(Records from a data source)
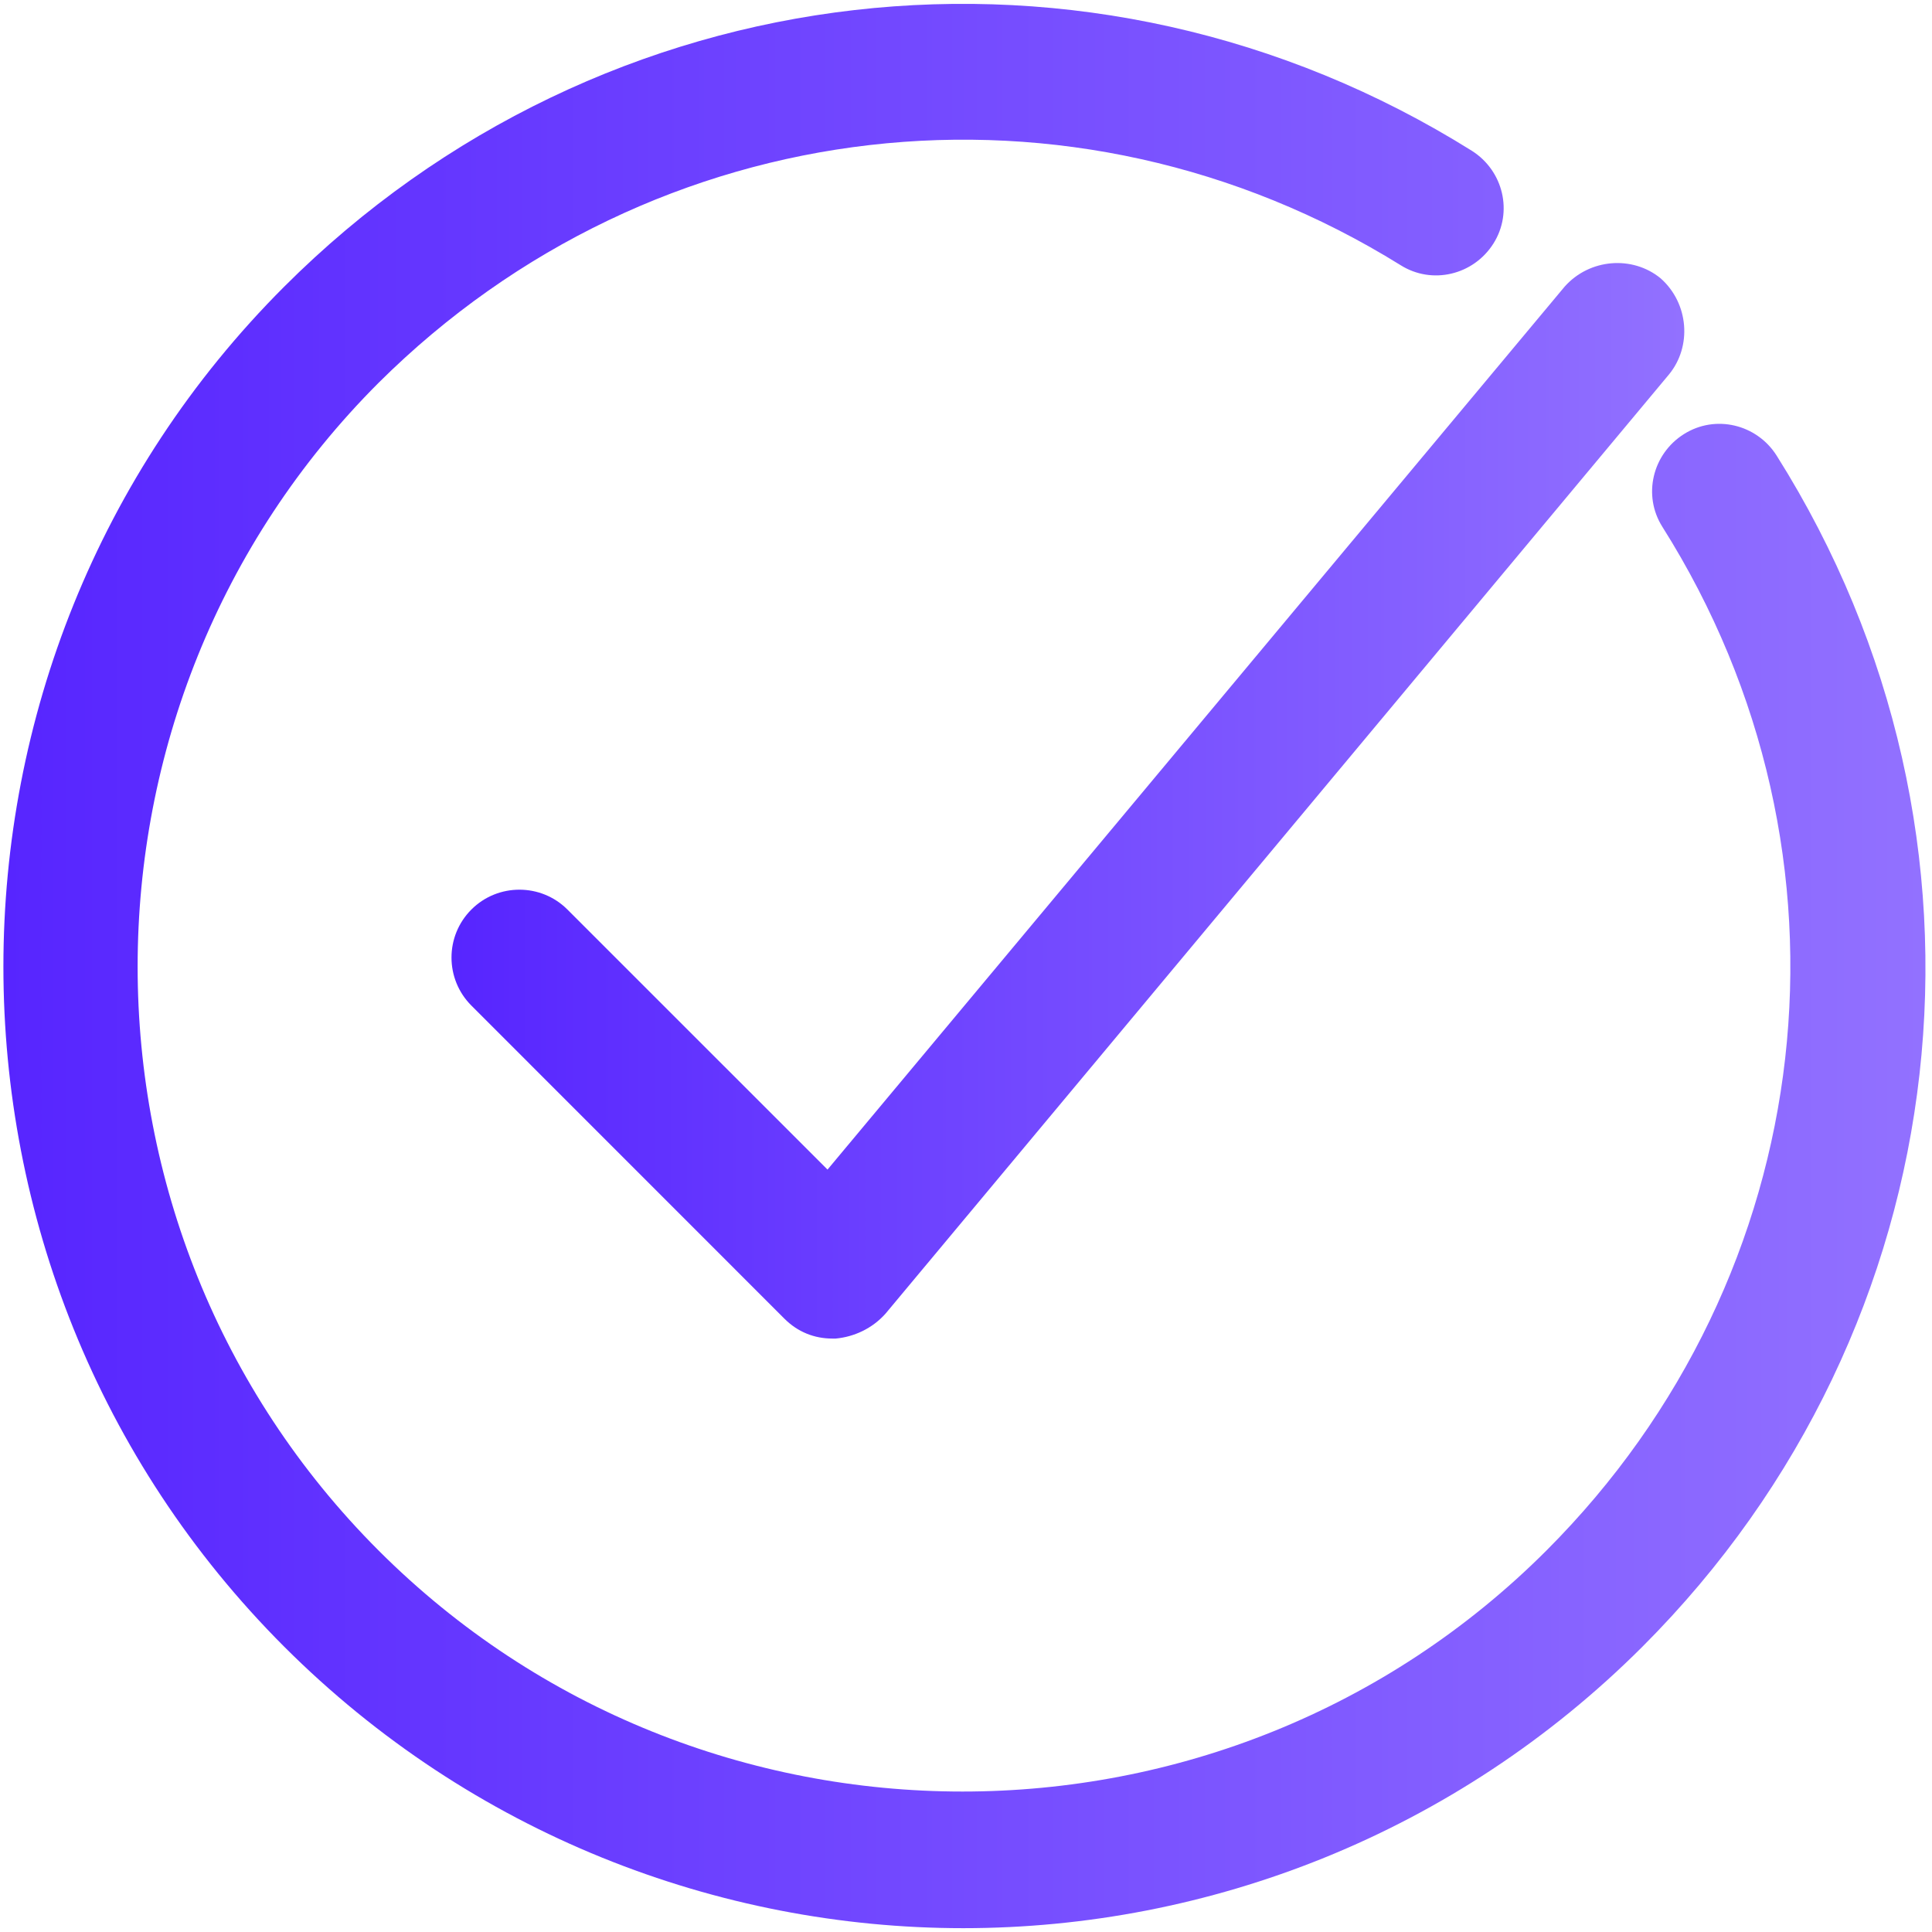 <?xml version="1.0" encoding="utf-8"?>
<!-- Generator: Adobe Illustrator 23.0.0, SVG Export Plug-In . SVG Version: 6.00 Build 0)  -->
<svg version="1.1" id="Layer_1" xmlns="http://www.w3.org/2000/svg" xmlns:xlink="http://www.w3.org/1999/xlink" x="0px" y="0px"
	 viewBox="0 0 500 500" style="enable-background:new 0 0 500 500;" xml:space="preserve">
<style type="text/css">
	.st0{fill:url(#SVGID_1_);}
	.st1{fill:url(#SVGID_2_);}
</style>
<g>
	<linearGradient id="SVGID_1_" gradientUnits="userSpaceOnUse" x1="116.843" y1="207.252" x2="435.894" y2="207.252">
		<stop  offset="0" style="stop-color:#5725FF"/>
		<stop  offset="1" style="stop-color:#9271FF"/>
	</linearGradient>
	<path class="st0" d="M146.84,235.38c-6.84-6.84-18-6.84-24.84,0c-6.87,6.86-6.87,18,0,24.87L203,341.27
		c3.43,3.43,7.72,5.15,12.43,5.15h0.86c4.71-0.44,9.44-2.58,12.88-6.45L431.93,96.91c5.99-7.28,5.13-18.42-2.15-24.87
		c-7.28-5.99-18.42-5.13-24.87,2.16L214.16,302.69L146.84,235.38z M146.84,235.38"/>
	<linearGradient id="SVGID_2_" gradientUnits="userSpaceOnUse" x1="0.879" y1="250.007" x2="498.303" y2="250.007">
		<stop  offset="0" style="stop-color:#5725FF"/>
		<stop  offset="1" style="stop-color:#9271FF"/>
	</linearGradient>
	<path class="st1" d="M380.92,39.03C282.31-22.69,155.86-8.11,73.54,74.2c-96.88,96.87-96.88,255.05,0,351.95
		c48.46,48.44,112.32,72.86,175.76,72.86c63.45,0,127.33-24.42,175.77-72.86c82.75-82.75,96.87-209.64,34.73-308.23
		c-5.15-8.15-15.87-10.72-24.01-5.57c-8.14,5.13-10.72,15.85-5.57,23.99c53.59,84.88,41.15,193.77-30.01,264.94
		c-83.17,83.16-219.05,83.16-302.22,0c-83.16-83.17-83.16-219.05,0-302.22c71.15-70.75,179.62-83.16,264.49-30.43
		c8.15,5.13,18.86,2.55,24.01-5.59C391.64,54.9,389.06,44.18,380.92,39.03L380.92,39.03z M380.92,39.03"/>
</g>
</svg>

Task details =
Report every line of the records that contains the word "gradientUnits".

Problem solution =
	<linearGradient id="SVGID_1_" gradientUnits="userSpaceOnUse" x1="116.843" y1="207.252" x2="435.894" y2="207.252">
	<linearGradient id="SVGID_2_" gradientUnits="userSpaceOnUse" x1="0.879" y1="250.007" x2="498.303" y2="250.007">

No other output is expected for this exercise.